Liveblog: Secretary of State Ritchie’s press conference
Friday, December 12, 2008 at 11:13 am
Following Friday morning’s meeting of the Minnesota State Canvassing Board, Secretary of State Mark Ritchie answered questions from reporters about the ongoing statewide recount. Here are excerpts from the press conference.How confident are you that counties will sort and count as instructed today?
Ritchie: Most counties are very anxious to proceed. A huge number of absentee ballots were wrongly rejected. I was first predicting 9 or 10 percent. It’s closer to 13 percent. Counties want to find ways to fix the system so we have fewer errors. No one expects that absentee ballots will go down in number in the future.
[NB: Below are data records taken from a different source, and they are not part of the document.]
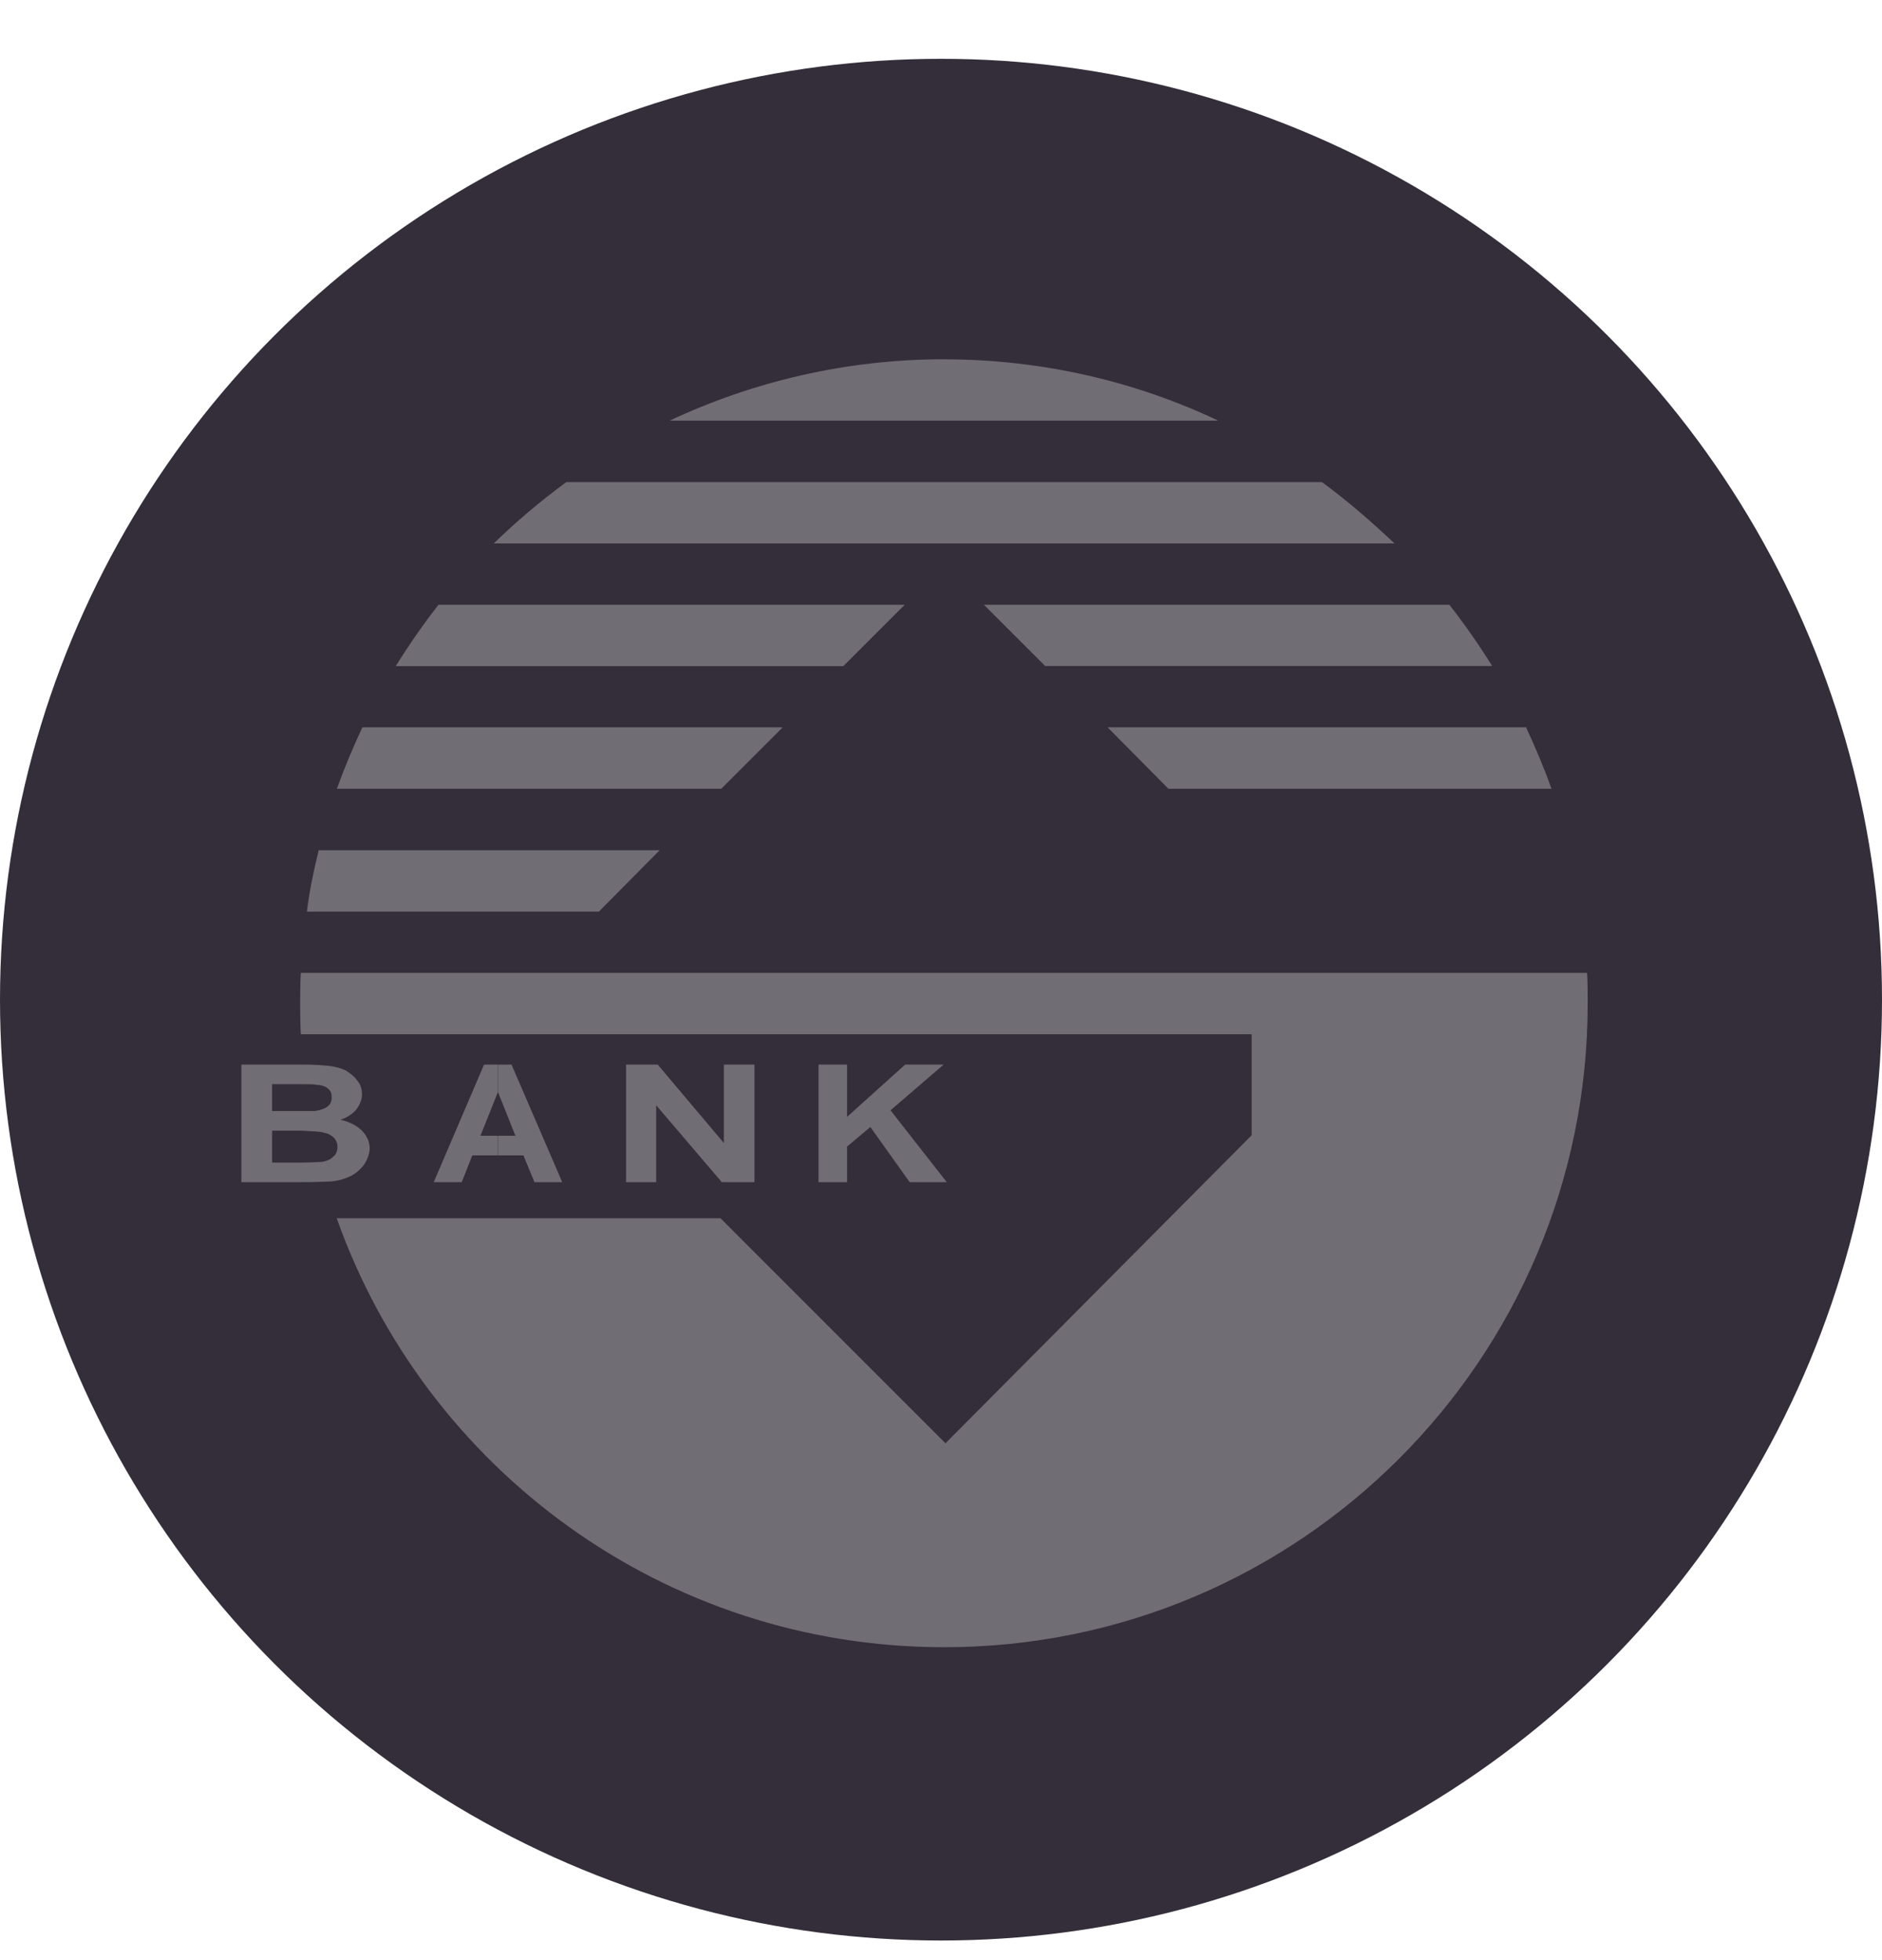 <svg width="24" height="25" viewBox="0 0 24 25" fill="none" xmlns="http://www.w3.org/2000/svg">
<circle cx="12" cy="12.75" r="11.271" fill="#342E3A" stroke="#342E3A" stroke-width="1.458"/>
<path d="M11.356 14.161L12.034 13.578H11.543L10.802 14.245V13.578H10.438V15.078H10.802V14.624L11.099 14.374L11.601 15.078H12.074L11.356 14.161Z" fill="#716D75"/>
<path d="M9.231 13.578V14.578L8.387 13.578H7.984V15.078H8.368V14.097L9.205 15.078H9.621V13.578H9.231Z" fill="#716D75"/>
<path d="M6.349 14.486H6.127C6.127 14.486 6.349 13.929 6.349 13.93V13.787C6.349 13.689 6.349 13.578 6.349 13.578H6.173L5.531 15.078H5.888L6.023 14.736H6.349C6.349 14.736 6.349 14.657 6.349 14.588V14.486Z" fill="#716D75"/>
<path d="M6.351 13.579V13.787C6.351 13.863 6.351 13.93 6.351 13.93L6.573 14.486H6.351C6.351 14.486 6.351 14.534 6.351 14.588V14.736H6.675L6.816 15.078H7.17L6.523 13.578C6.523 13.579 6.352 13.579 6.351 13.579Z" fill="#716D75"/>
<path d="M4.616 14.421C4.549 14.357 4.463 14.309 4.341 14.282C4.427 14.254 4.494 14.208 4.543 14.152C4.591 14.088 4.616 14.022 4.616 13.958C4.616 13.892 4.598 13.828 4.555 13.781C4.518 13.726 4.463 13.689 4.408 13.652C4.347 13.624 4.279 13.606 4.206 13.596C4.126 13.587 4.01 13.578 3.857 13.578H3.85C3.85 13.578 3.85 13.596 3.85 13.623C3.85 13.596 3.85 13.578 3.85 13.578H3.078V15.078H3.74H3.85C3.85 15.078 3.85 15.031 3.85 14.977C3.85 15.031 3.85 15.078 3.85 15.078C4.04 15.078 4.163 15.069 4.218 15.069C4.322 15.06 4.408 15.032 4.482 14.995C4.549 14.958 4.61 14.902 4.647 14.847C4.69 14.782 4.714 14.707 4.714 14.643C4.714 14.56 4.677 14.486 4.616 14.421ZM3.47 13.828H3.697C3.758 13.828 3.807 13.828 3.85 13.828C3.85 13.828 3.85 13.73 3.85 13.657C3.85 13.73 3.85 13.828 3.85 13.828C3.948 13.828 4.01 13.828 4.034 13.837C4.101 13.837 4.15 13.855 4.181 13.883C4.218 13.91 4.23 13.948 4.23 13.994C4.23 14.05 4.211 14.087 4.175 14.114C4.138 14.142 4.083 14.161 4.015 14.17C3.991 14.17 3.936 14.17 3.85 14.17C3.85 14.17 3.85 14.218 3.85 14.272C3.85 14.218 3.85 14.17 3.85 14.17C3.813 14.17 3.776 14.17 3.727 14.17H3.47V13.828H3.47ZM4.248 14.754C4.212 14.791 4.162 14.81 4.108 14.819C4.071 14.819 3.985 14.828 3.85 14.828C3.85 14.828 3.85 14.876 3.85 14.931C3.85 14.876 3.85 14.828 3.85 14.828H3.838H3.47V14.421H3.789C3.813 14.421 3.832 14.421 3.85 14.421C3.85 14.421 3.85 14.373 3.85 14.319C3.85 14.373 3.85 14.421 3.85 14.421C3.997 14.43 4.089 14.43 4.138 14.449C4.193 14.458 4.23 14.486 4.261 14.513C4.291 14.55 4.304 14.587 4.304 14.624C4.304 14.681 4.285 14.727 4.248 14.754Z" fill="#716D75"/>
<path d="M12.547 7.713C12.547 7.713 13.329 8.495 13.329 8.495H19.029C18.862 8.227 18.68 7.966 18.483 7.713C18.483 7.713 12.547 7.713 12.547 7.713Z" fill="#716D75"/>
<path d="M15.536 5.365C14.485 4.867 13.291 4.583 12.042 4.583V4.582C10.793 4.582 9.599 4.867 8.54 5.365H15.536V5.365Z" fill="#716D75"/>
<path d="M14.125 9.277C14.125 9.277 14.9 10.06 14.9 10.06L19.785 10.06C19.69 9.791 19.579 9.531 19.461 9.277H14.125Z" fill="#716D75"/>
<path d="M17.783 6.931C17.491 6.655 17.182 6.386 16.858 6.149H7.222C6.898 6.386 6.581 6.654 6.297 6.931H17.783Z" fill="#716D75"/>
<path d="M7.637 11.627C7.637 11.626 8.412 10.844 8.412 10.844H4.064C4.001 11.104 3.945 11.365 3.914 11.627C3.914 11.626 7.637 11.627 7.637 11.627Z" fill="#716D75"/>
<path d="M10.754 8.496L11.537 7.713C11.537 7.713 5.592 7.713 5.592 7.713C5.395 7.966 5.213 8.227 5.047 8.496H10.754Z" fill="#716D75"/>
<path d="M20.239 12.408H3.836C3.828 12.543 3.829 12.669 3.828 12.796C3.828 12.93 3.829 13.065 3.836 13.191H9.875H15.962V14.479L12.057 18.408L9.188 15.538H4.294C5.425 18.732 8.468 21.009 12.041 21.009C16.57 21.009 20.247 17.333 20.247 12.796C20.247 12.669 20.247 12.542 20.239 12.408Z" fill="#716D75"/>
<path d="M9.198 10.06C9.198 10.06 9.981 9.277 9.981 9.277H4.621C4.503 9.53 4.392 9.791 4.297 10.06C4.297 10.06 9.198 10.06 9.198 10.06Z" fill="#716D75"/>
</svg>

Q: (About the goals of today’s meeting)
Ritchie: Accuracy and transparency are our top priorities. But with respect for the judges’ time who are on the board. On top of the democratic principle that all votes are counted. It was sobering to find that the number of wrongly rejected absentee ballots was between 1,000 and 2,000.
Q. How confident are you that the maximum number of wrongly rejected ballots will come before you?
Ritchie: Our biggest job is the 4,000-some challenged ballots. Getting through those so we get to the challenges that have merit.
Q. Are campaigns playing games?
Ritchie: The campaigns have been moving in a positive direction, just not as fast as needed. If a serious challenge takes 2-3 minutes, in four days we could look at 1,000 ballots. The judges and justices said the challenges that merit our time are not in the 4,000 range and probably are below 1,000. This is for the campaigns to hear and take seriously. There are reports that the Franken campaign is going to withdraw more today and that would be great.
Q. What is the drop dead deadline? Friday afternoon?
Ritchie: When we sign the certificate. The local officials want to make the corrections, the obvious errors.
Q. What kind of correspondence to counties that haven’t responded?
Ritchie: Same to all.
Q. Clarify motion from meeting
Ritchie: Authorize them to open their reports and correct errors.
Q. How will amended totals work into the recounting?
Ritchie: They’d have to give us the full information about changes made. We will cross that bridge when we get there, when the canvassing board receives an amended report. Then we’ll create a procedure to incorporate the corrections.
[...]
Q. How exactly work in amended reports?
Ritchie: Don’t know yet. Colleagues on board had a strong reluctance to say now how we will do this. … I’ve heard people say voters should just go to courts. I’m trying to make sure only what goes to court is what needs to go to court.
Q. How confident are you that Minnesota will know its next senator by dusk on Dec. 19th?
Ritchie: My goal is to say how Minnesotans voted and the end of the day on the 19th is reasonable. There may be loose ends, and we won’t work on religious holidays. It’s a matter of justice that when we’ve signed certificate that we’ve done the best we can.
Q. Comfort level about judging challenged ballots?
Ritchie: In the 1962 recount, trying to get a pattern established about dealing with challenges, for instance how do you deal with ballots in which Mickey Mouse is written in? We could decide on that and then move a group of ballots together.
[...]
Q. Are you uncomfortable that the board sided with Franken on both the rejected absentee ballots and the missing ballots in Minneapolis?
Ritchie: It was important the the canvassing board moves together in consensus. I’m not happy with how some of these issues have been presented in a partisan way. We had top jurists in the state. The work was careful. We moved on a consensus basis.